Trial opened Monday in Florida’s opioid epidemic lawsuit against the Walgreens pharmacy chain, which state officials accuse of prioritizing profits over health by improperly dispensing millions of powerful painkillers that caused tens of thousands of deaths.
The trial, in Pasco County north of Tampa, comes after other defendants in the Florida lawsuit including the CVS drug store chain settled for an estimated $870 million. The state could seek similar massive damages from Walgreens in the jury trial expected to last a few weeks.
OxyContin maker Purdue Pharma has a tentative nationwide deal that includes $6 billion in cash from members of the Sackler family who own the company. In all, settlements, civil and criminal penalties around the country since 2007 have totaled over $45 billion, according to an Associated Press tally.
In Florida, the state’s case hinges on accusations that as Walgreens dispensed more than 4.3 billion total opioid pills in Florida from May 2006 to June 2021, more than half contained one or more easily recognized red flags for abuse, fraud and addiction that the company should have noticed and acted upon.
“The evidence will show Walgreens knowingly profited from the opioid crisis,” said attorney Jim Webster for the state in an opening statement, which was attended by Florida Attorney General Ashley Moody. “Walgreens wasn’t just greedy. It was fueling the opioid crisis that was killing people.”
Walgreens is based in Deerfield, Illinois, and operates more than 9,000 stores in all 50 states, according to the company website. About 820 of those locations are in Florida.
Walgreens attorney Steve Derringer told jurors they should focus on how manufacturers such as Purdue Pharma misled pharmacies on opioid addictive properties. He also noted that Florida did little as the opioid epidemic arose, particularly the predatory “pill mills” that proliferated in the state before a crackdown finally ended them.
“Walgreens had nothing to do with any of that,” Derringer said in his opening statement. “They (drug makers) caused this epidemic by misrepresenting the risks and benefits to pharmacies.”
The opioid epidemic has been linked to more than 500,000 deaths in the U.S. over the past two decades, counting those from prescription painkillers such as OxyContin and generic oxycodone as well as illicit drugs such as heroin and illegally produced fentanyl.

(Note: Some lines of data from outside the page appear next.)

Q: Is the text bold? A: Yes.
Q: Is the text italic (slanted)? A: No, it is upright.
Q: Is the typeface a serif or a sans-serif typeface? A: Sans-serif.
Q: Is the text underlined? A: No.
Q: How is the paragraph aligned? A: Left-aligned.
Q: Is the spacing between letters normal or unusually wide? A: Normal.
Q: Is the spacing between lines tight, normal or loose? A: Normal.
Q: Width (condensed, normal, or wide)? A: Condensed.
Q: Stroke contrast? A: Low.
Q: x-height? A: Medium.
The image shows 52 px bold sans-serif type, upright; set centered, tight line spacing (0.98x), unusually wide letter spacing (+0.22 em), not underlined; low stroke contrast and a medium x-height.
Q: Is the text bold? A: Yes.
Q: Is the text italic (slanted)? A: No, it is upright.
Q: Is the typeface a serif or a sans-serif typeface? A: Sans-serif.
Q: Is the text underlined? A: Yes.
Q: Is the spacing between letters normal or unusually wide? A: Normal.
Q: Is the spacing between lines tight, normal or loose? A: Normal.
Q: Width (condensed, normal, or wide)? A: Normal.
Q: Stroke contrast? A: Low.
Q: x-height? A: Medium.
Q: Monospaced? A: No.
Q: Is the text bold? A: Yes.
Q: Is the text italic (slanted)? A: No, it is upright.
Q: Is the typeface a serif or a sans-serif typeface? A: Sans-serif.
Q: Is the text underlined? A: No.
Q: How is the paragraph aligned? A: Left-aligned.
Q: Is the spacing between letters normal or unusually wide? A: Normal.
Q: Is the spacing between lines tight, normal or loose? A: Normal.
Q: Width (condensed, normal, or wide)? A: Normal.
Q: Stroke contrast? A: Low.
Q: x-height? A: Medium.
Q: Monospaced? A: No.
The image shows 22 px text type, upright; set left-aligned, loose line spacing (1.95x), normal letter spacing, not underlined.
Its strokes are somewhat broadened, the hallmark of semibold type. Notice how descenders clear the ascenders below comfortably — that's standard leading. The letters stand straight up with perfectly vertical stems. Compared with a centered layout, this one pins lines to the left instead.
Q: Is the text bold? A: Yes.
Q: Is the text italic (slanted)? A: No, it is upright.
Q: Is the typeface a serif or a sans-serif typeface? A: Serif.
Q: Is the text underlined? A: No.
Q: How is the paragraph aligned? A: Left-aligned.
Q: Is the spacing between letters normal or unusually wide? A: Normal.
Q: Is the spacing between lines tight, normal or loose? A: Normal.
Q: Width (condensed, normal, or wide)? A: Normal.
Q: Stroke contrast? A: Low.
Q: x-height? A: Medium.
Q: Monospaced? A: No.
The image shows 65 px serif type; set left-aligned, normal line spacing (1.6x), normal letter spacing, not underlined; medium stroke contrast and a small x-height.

In Florida, Webster said, more than 39,000 Floridians died from opioid abuse or related problems between 1999 and 2020. Walgreens, he said, sold about one of every four opioids in the state over a similar time span often under questionable circumstances, such as a shady doctor, fake prescriptions or huge amounts of drugs obviously far in excess of what was necessary for a given patient.
“Walgreens was the last line of defense,” Webster said. “Walgreens failed its duty to investigate suspicious prescriptions.”

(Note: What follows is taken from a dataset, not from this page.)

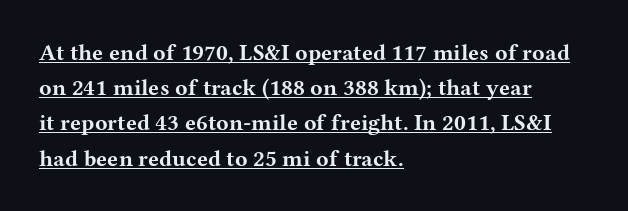
{"italic": "no", "bold": "yes", "underline": "yes", "align": "left", "line_spacing": "normal", "line_spacing_ratio": 1.53, "letter_spacing": "normal", "letter_spacing_em": 0.0, "glyph_px": 23}
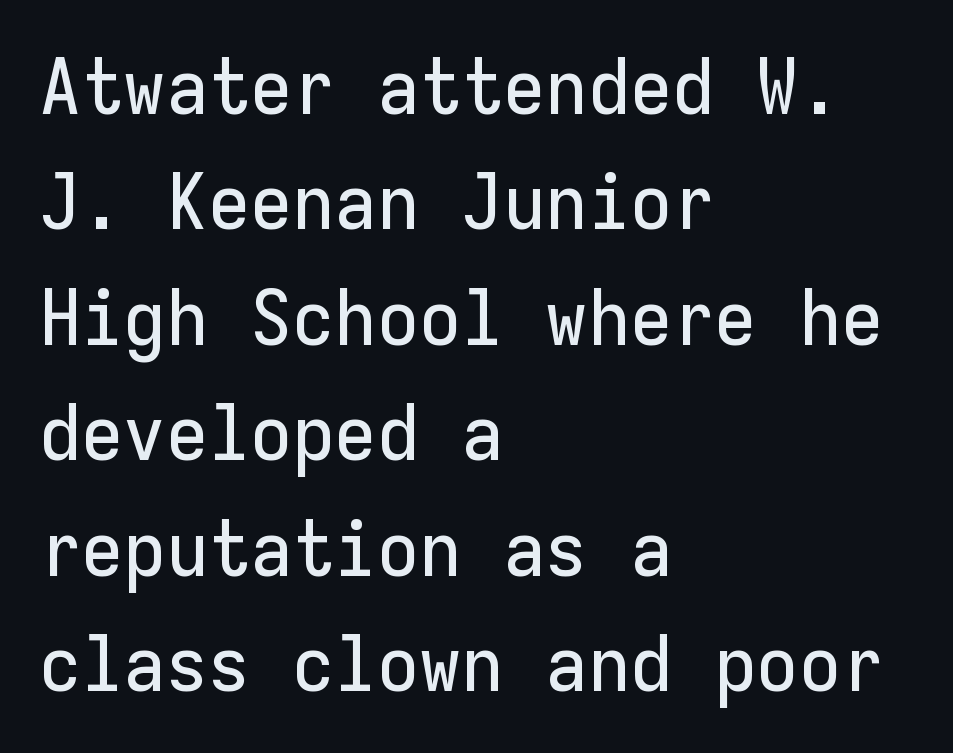
The image shows 77 px sans-serif type, upright, monospaced; set left-aligned, normal line spacing (1.5x), normal letter spacing, not underlined; low stroke contrast and a medium x-height.

Florida has spent some $14 billion over the last 20 years for multiple opioid-related costs, ranging from criminal justice to drug rehabilitation for addicts to treatment for opioid-addicted infants, Webster said. The state will seek billions of dollars in damages in the Walgreens case.

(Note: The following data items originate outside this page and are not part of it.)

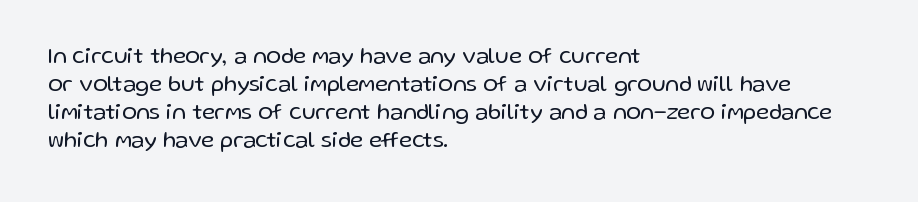
Normally led — the rows are evenly, conventionally spaced. Underlining? Definitely not there. The axis of the letterforms is exactly vertical. The passage is arranged the way most books set body copy — flush left. Default kerning and tracking; the words read as compact shapes.
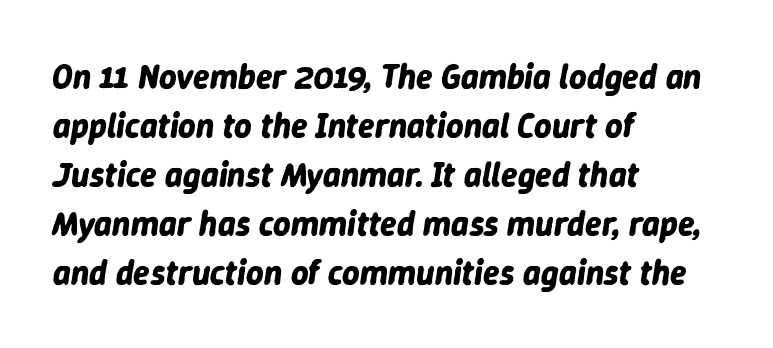
Q: Is the text bold? A: Yes.
Q: Is the text italic (slanted)? A: Yes, it leans right by about 9 degrees.
Q: Is the text underlined? A: No.
Q: How is the paragraph aligned? A: Left-aligned.
Q: Is the spacing between letters normal or unusually wide? A: Normal.
Q: Is the spacing between lines tight, normal or loose? A: Normal.
Q: Width (condensed, normal, or wide)? A: Normal.
Q: Stroke contrast? A: Low.
Q: x-height? A: Medium.
Q: Monospaced? A: No.
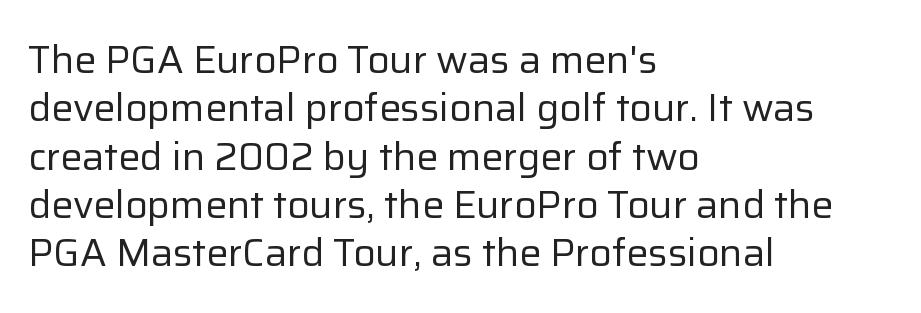
Q: Is the text bold? A: No.
Q: Is the text italic (slanted)? A: No, it is upright.
Q: Is the typeface a serif or a sans-serif typeface? A: Sans-serif.
Q: Is the text underlined? A: No.
Q: How is the paragraph aligned? A: Left-aligned.
Q: Is the spacing between letters normal or unusually wide? A: Normal.
Q: Width (condensed, normal, or wide)? A: Normal.
Q: Stroke contrast? A: Low.
Q: x-height? A: Medium.
Q: Monospaced? A: No.
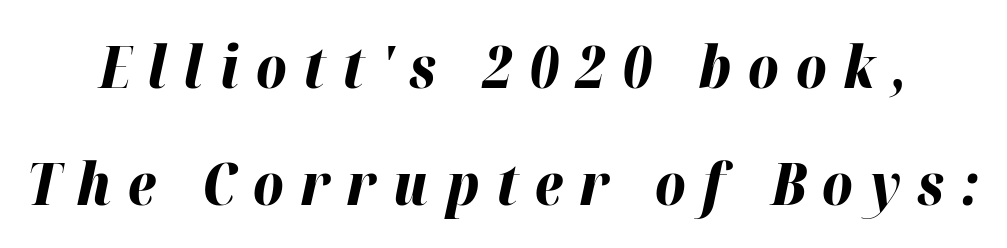
The image shows 58 px bold type, italic (leaning right); set loose line spacing (2.01x), unusually wide letter spacing (+0.29 em), not underlined; high stroke contrast and a medium x-height.
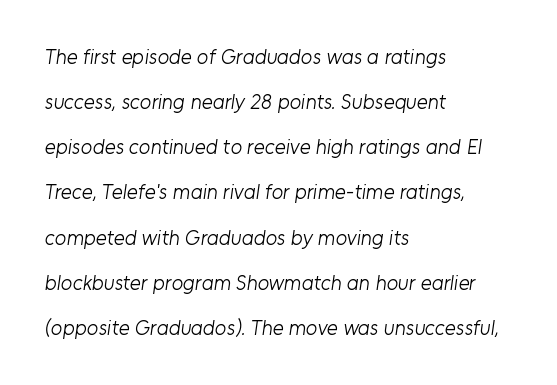
The image shows 21 px text type; set left-aligned, loose line spacing (2.15x), normal letter spacing, not underlined.
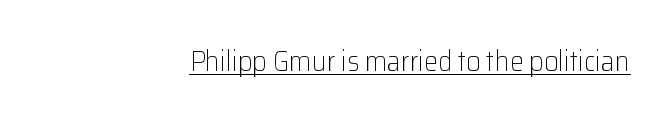
Honestly, the letter spacing is just normal — you wouldn't notice it. Descenders here cross a horizontal rule under the line. Do the characters align in a grid? No, the font is proportional. The rendering shows plain stroke endings on the letterforms — a sans-serif design.
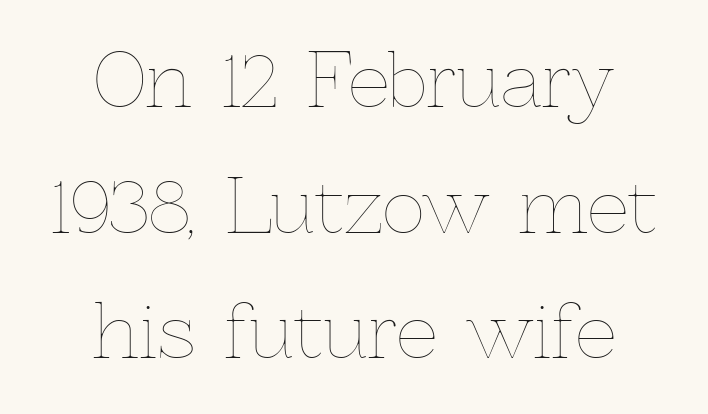
The image shows 73 px thin type, upright; set centered, line spacing 1.72x, normal letter spacing, not underlined; a medium x-height.
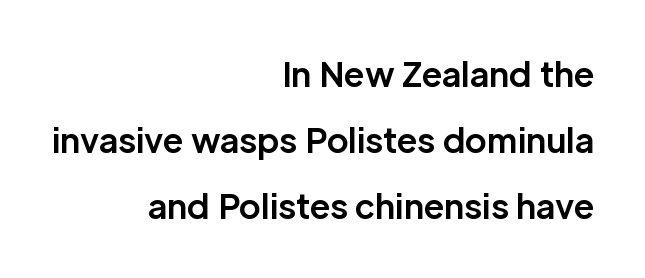
This is roman type, the default non-slanted kind. Serif or sans? Sans — the stroke terminals are bare. The rendering uses natural spacing where letterforms have individual widths. The glyphs are unaccompanied by any horizontal stroke below them. The glyphs have the mass of a bold cut.
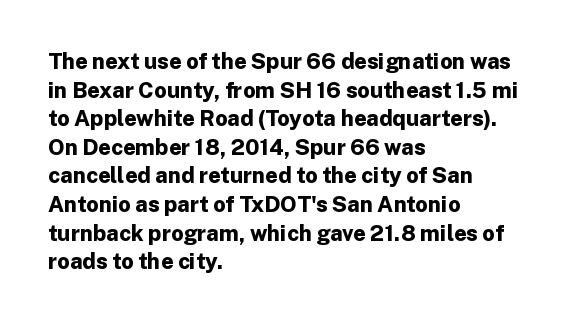
Teacher's note: observe the even left margin — that is flush-left alignment. You can tell it's not italic because the verticals are truly vertical. Words float on clear page, feet unadorned. The letterforms sit shoulder to shoulder at normal distance.

In the same case, Moody said CVS Health Corp. and CVS Pharmacy Inc. will pay the state $484 million. Teva Pharmaceuticals Industries Ltd. agreed to pay $195 million and Allergan PLC more than $134 million.
Florida has previously obtained millions of dollars in opioid settlements involving McKesson Corp., Cardinal Health Inc., Johnson & Johnson Inc. and AmerisourceBergen Corp.